Different stuff I’ve been reading or otherwise been exposed to in the last weeks has made me reach a sort of funny comparison: code is (or can be) like science. You come up with some “theory” (your code) that explains something (solves a problem)… and you make sure you can measure it and test it for people to believe your theory and build on top of it.
I mean, something claiming to be science that can’t be easily measured, compared or peer-reviewed would be ridiculous. Scientists wouldn’t believe in it and would certainly not build anything on top of it because the foundation is not reliable.
I claim that software should be the same way, and thus it’s ridiculous to trust software that doesn’t have a good test suite, or even worse, that may not even be particularly testable.
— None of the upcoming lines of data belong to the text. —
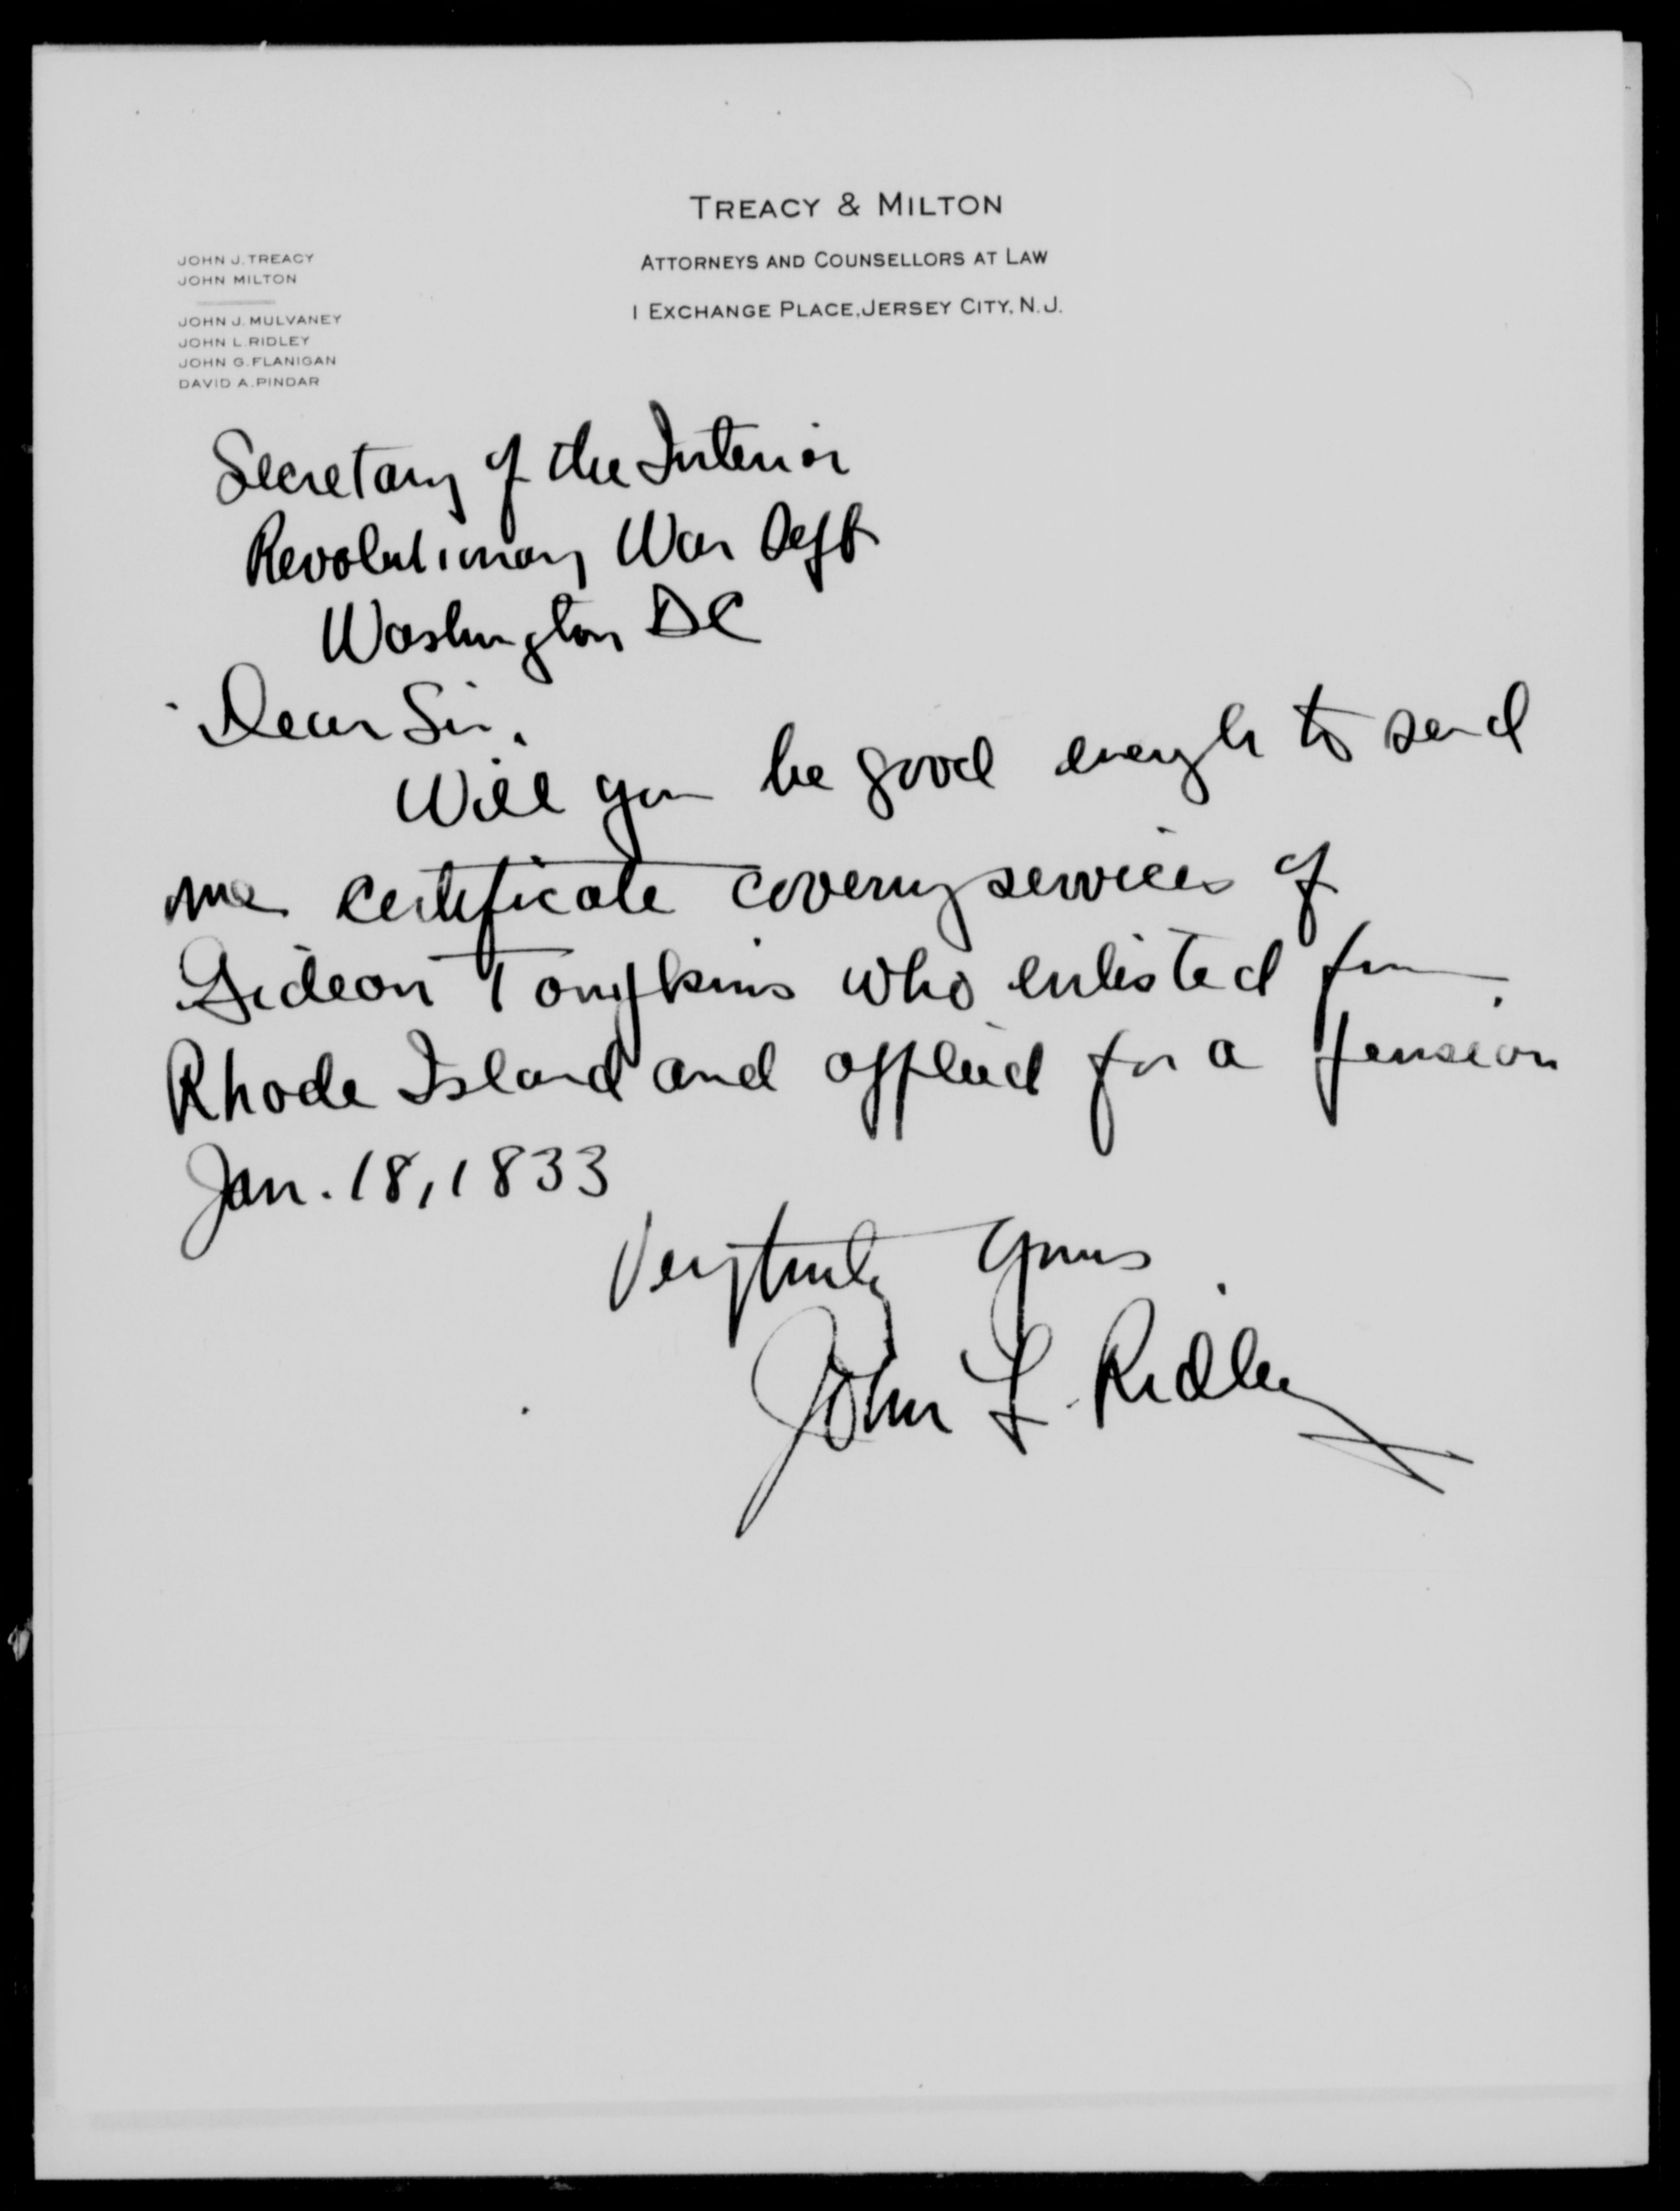JOHN J TREACY
JOHN MILTON
---
JOHN J. MULVANEY
JOHN L. RIDLEY
JOHN G. FLANIGAN
DAVID A. PINDAR

TREACY & MILTON
ATTORNEYS AND COUNSELLORS AT LAW
EXCHANGE PLACE, JERSEY CITY, N. J.

Secretaryof the Interior
Revolutionary War Dept
Washington DC

Dear Sir
Will you be good enough to send
me certificate covering services of
Gideon Tompkins who enlisted from
Rhode Island and applied for a pension
Jan. 18, 1833

Very truly yours,
John L. Ridley

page: 15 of 25
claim: survivor's
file: S. 22,023, for Gideon Tompkins, Rhode Island

Trusting software without a test suite is not that different from taking the word of the developer that it “works on my machine”. Scientists would call untested science pseudo-science, so I am tempted to call code without tests pseudo-code.
Don’t get me wrong: sure you can test by hand, and hand-made tests are useful and necessary, but that only proves that the exact code you tested, without any changes, works as expected. But you know what? Software changes all the time, so that’s not a great help. If you don’t have a way to quickly and reliably measure how your code behaves, every time you make a change you are taking a leap of faith. And the more leaps of faith you take, the less credible your code is.